Geopolitical tensions push oil higher ahead of key OPEC+ meeting


Oil prices

WEB DESK: Oil prices edged higher on Tuesday as worries over supply disruptions grew after fresh strikes on Russian energy sites in the ongoing war with Ukraine.

By early Asian trading, Brent crude was up 40 cents at $68.55 a barrel, while US West Texas Intermediate (WTI) rose $1.05 to $65.06. Trading in WTI had been paused on Monday due to the Labor Day holiday in the United States.

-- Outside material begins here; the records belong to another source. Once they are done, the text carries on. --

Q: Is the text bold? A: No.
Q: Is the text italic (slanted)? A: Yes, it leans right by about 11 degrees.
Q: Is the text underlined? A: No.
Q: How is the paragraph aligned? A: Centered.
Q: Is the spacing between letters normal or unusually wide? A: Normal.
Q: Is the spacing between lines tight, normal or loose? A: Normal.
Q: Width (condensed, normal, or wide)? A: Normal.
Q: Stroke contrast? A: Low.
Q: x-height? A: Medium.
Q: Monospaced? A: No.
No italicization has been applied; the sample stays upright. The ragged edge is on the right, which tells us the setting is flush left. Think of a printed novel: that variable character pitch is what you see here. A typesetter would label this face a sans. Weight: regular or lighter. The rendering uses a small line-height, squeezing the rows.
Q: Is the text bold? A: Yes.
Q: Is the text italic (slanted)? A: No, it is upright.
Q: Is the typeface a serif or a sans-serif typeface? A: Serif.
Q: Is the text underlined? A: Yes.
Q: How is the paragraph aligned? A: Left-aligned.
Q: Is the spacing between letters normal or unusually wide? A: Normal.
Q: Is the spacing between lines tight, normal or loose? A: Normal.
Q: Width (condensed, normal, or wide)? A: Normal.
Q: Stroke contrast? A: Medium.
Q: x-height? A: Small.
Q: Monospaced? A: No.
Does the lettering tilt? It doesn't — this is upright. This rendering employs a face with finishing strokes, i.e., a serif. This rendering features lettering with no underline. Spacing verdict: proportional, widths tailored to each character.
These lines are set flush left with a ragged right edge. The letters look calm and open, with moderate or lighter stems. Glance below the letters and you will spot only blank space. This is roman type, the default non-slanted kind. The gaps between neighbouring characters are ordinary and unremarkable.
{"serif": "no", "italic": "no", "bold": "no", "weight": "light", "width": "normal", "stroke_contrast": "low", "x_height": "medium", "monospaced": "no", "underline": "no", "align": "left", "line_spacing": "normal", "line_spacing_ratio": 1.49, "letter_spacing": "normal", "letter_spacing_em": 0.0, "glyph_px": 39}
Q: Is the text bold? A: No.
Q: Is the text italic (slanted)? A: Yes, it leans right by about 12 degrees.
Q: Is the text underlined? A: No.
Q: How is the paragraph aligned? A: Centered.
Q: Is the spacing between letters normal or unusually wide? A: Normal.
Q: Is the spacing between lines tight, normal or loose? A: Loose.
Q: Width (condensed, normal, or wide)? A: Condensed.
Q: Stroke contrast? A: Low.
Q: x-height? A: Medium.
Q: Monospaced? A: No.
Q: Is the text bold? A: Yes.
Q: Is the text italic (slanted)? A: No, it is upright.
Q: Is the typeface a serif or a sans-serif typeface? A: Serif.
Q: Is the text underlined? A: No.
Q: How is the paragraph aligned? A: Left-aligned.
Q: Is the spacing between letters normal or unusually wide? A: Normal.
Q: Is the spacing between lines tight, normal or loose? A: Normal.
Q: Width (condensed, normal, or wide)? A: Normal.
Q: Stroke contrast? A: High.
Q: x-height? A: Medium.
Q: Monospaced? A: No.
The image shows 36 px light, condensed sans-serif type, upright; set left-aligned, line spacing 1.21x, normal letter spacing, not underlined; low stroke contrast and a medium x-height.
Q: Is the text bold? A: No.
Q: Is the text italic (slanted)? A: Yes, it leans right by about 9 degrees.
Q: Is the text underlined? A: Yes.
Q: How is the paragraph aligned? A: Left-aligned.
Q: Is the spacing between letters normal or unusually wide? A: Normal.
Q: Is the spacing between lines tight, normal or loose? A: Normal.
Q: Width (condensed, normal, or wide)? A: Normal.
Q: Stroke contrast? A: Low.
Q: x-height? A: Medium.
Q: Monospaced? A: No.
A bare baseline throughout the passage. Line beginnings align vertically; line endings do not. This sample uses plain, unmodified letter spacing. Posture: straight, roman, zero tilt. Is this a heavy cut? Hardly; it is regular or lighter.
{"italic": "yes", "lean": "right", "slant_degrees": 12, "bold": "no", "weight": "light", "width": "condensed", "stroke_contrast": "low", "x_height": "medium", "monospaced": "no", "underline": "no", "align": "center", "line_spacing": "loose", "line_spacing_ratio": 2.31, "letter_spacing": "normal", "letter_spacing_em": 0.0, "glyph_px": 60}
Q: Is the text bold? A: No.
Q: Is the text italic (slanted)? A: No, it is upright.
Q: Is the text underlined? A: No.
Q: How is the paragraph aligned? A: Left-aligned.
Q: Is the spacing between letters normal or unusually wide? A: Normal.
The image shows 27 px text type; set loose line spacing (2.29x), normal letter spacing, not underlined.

Rising tension in the conflict

Ukraine has stepped up its campaign against Russian energy assets, carrying out drone strikes that have knocked out at least 17 percent of Russia’s oil processing capacity, according to Reuters estimates. That amounts to about 1.1 million barrels of daily production.

On Sunday, President Volodymyr Zelenskiy vowed that Ukraine would carry out more strikes deeper inside Russian territory after weeks of intensifying attacks on refineries and pipelines. Russia, in turn, has increased its own bombardment of Ukraine’s energy grid and transport links.

“Ongoing risks to energy infrastructure in Russia remain high. Ukraine struck more Russian oil refineries over the weekend as it ramped up its attacks on infrastructure,” noted Daniel Hynes, senior commodity strategist at ANZ.

Global shifts adding pressure

Beyond the battlefield, wider geopolitical moves are also weighing on oil markets. Chinese President Xi Jinping, speaking at a summit with Russian and Indian leaders, renewed his call for a “new global order” centred on the Global South. Analysts say the pitch represents a direct challenge to US influence.

China and India remain the biggest buyers of Russian oil. While Washington has hit India with fresh tariffs over its purchases, it has not applied the same measures on China.

Investors eye OPEC+ meeting

Markets are now watching for signals from the Organisation of the Petroleum Exporting Countries and its allies, which meet on September 7. Traders are waiting to see if the group will hint at any further changes to output in response to the tightening supply outlook.

For now, oil prices remain sensitive to every new strike and statement, as the war shows no signs of easing and the geopolitical stage grows more crowded.